Example 3 - using PRE
---------------------
For this example let us assume we want to convert all dwi.mif files from example 2 to NIfTI file format (``*.nii``). This can be performed using:

.. code-block:: console

  $ for_each study/dwi/* : mrconvert IN study/dwi/PRE.nii
  $ rm *.mif

There the PRE keyword will be replaced by the file basename, without the file extension.


Example 4 - Sequential Processing
---------------------------------
As an example of a single ``for_each`` command running multiple sequential commands (e.g. with the bash ``;``, ``|``, ``&&``, ``||`` operators), let's assume in the previous example we wanted to remove the ``*.mif`` files as they were converted. We could use the ``&&`` operator, which means "run next command only if current command succeeds without error".

.. code-block:: console

  $ for_each study/dwi/* : mrconvert IN study/dwi/PRE.nii "&&" rm IN

The ``&&`` operator here must be escaped with quotes in order to prevent the shell from interpreting it. Bash operator characters can also be escaped with the "\" character; for example, to :ref:`pipe an image <unix_pipelines>` between two MRtrix commands (assuming the data set directory layout from example 1):

.. code-block:: console

  $ for_each study/* : dwiextract -bzero IN/dwi.mif - \| mrmath - mean -axis 3 IN/mean_b0.mif


Example 5 - Parallel Processing
-------------------------------
To run multiple jobs at once, use the standard *MRtrix3* command-line option ``-nthreads N``, where N is the number of concurrent jobs required. For example:

.. code-block:: console

  $ for_each study/* -nthreads 8 : dwidenoise IN/dwi.mif IN/dwi_denoised.mif

will run up to 8 of the required jobs in parallel. Note that unlike in other *MRtrix3* commands where command-line options can be placed anywhere on the command-line, in this particular context the ``-nthreads`` option must be specified *before* the colon separator. This is necessary in order for the ``for_each`` script to recognise that this command-line option applies to its own operation, as opposed to the command that ``for_each`` is responsible for invoking. To demonstrate this, consider the following usage:

.. code-block:: console

  $ for_each study/* : dwidenoise IN/dwi.mif IN/dwi_denoised.mif -nthreads 8

Here, ``for_each`` would execute the ``dwidenoise`` command entirely *sequentially*, once for each input; but each time it is run, ``dwidenoise`` would be instructed to use 8 threads.

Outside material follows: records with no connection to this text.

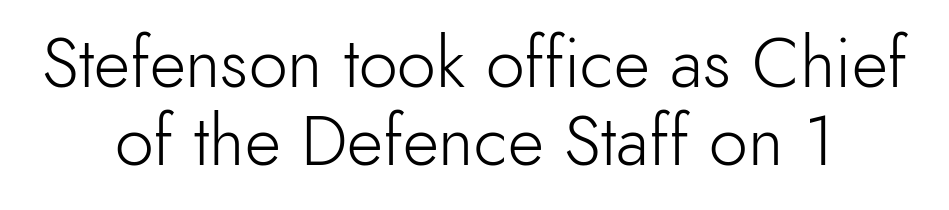
Q: Is the text bold? A: No.
Q: Is the text italic (slanted)? A: No, it is upright.
Q: Is the typeface a serif or a sans-serif typeface? A: Sans-serif.
Q: Is the text underlined? A: No.
Q: How is the paragraph aligned? A: Centered.
Q: Is the spacing between letters normal or unusually wide? A: Normal.
Q: Is the spacing between lines tight, normal or loose? A: Tight.
Q: Width (condensed, normal, or wide)? A: Normal.
Q: x-height? A: Small.
Q: Monospaced? A: No.
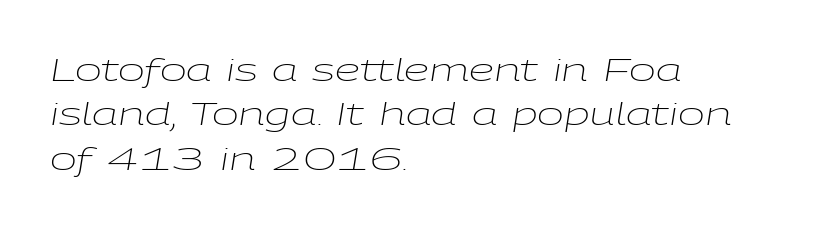
A typesetter would call this zero additional tracking. Letters rest on an invisible, unmarked baseline. Do the characters align in a grid? No, the font is proportional. No heavy texture on the line: the type isn't bold. Vertically, the passage feels balanced, rows spaced as you'd expect.
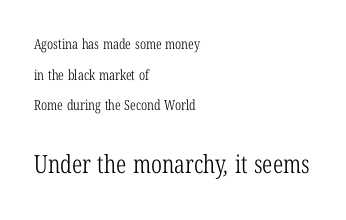
No extra tracking has been applied to these lines. The rendering uses a large line-height, opening up the rows. The lines in this sample share a left origin and differ only in where they stop. Is the stroke heavy? The answer is a plain regular-or-lighter. The baseline area is clear.
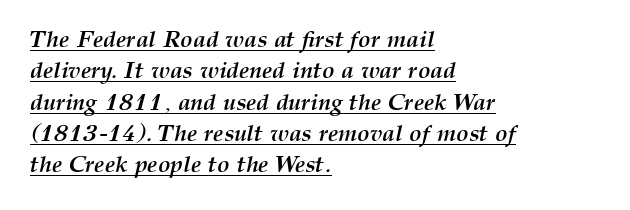
Quick note: interline space is typical. It's the slanting kind of type. Descenders here cross a horizontal rule under the line. The characters look thick and weighty, a clear bold.
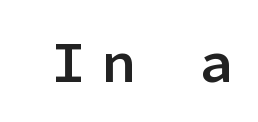
{"serif": "no", "italic": "no", "bold": "semi", "weight": "semibold", "width": "normal", "stroke_contrast": "low", "x_height": "medium", "monospaced": "yes", "underline": "no", "letter_spacing": "wide", "letter_spacing_em": 0.25, "glyph_px": 58}

Indeed these two usages can in theory be *combined*. Imagine that a hypothetical *MRtrix3* command, "``dwidostuff``", tends to not be capable in practise of utilising any more than four threads, regardless of how many threads are in fact available on your hardware / explicitly invoked. However you have a system with eight hardware threads, and wish to utilise them all as much as possible. In such a scenario, you could use:

.. code-block:: console

  $ for_each study/* -nthreads 2 : dwidostuff IN/dwi.mif IN/dwi_stuffdone.mif -nthreads 4

This would instruct ``for_each`` to always have *two* jobs running in parallel, each of which will be explicitly instructed to use *four* threads.

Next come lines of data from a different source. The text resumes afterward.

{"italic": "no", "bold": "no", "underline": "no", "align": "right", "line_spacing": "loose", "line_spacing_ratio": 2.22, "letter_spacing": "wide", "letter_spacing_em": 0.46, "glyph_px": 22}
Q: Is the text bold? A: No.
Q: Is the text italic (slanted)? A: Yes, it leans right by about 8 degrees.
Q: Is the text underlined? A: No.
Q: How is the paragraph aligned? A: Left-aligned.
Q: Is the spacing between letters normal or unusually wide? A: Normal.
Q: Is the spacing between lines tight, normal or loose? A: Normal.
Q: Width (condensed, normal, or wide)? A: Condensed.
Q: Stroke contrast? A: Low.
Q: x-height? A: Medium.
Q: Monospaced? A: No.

Note that most *MRtrix3* commands are multi-threaded, and will generally succeed in individually using all available CPU cores, in which case running multiple jobs in parallel using ``for_each`` is unlikely to provide a benefit in computation time (or it may in fact be detrimental). If however a particular command is known to be single-threaded (or have only limited multi-threading capability), and your system possesses enough RAM to support running multiple instances of that command at once, this usage may yield a considerable reduction in total processing time.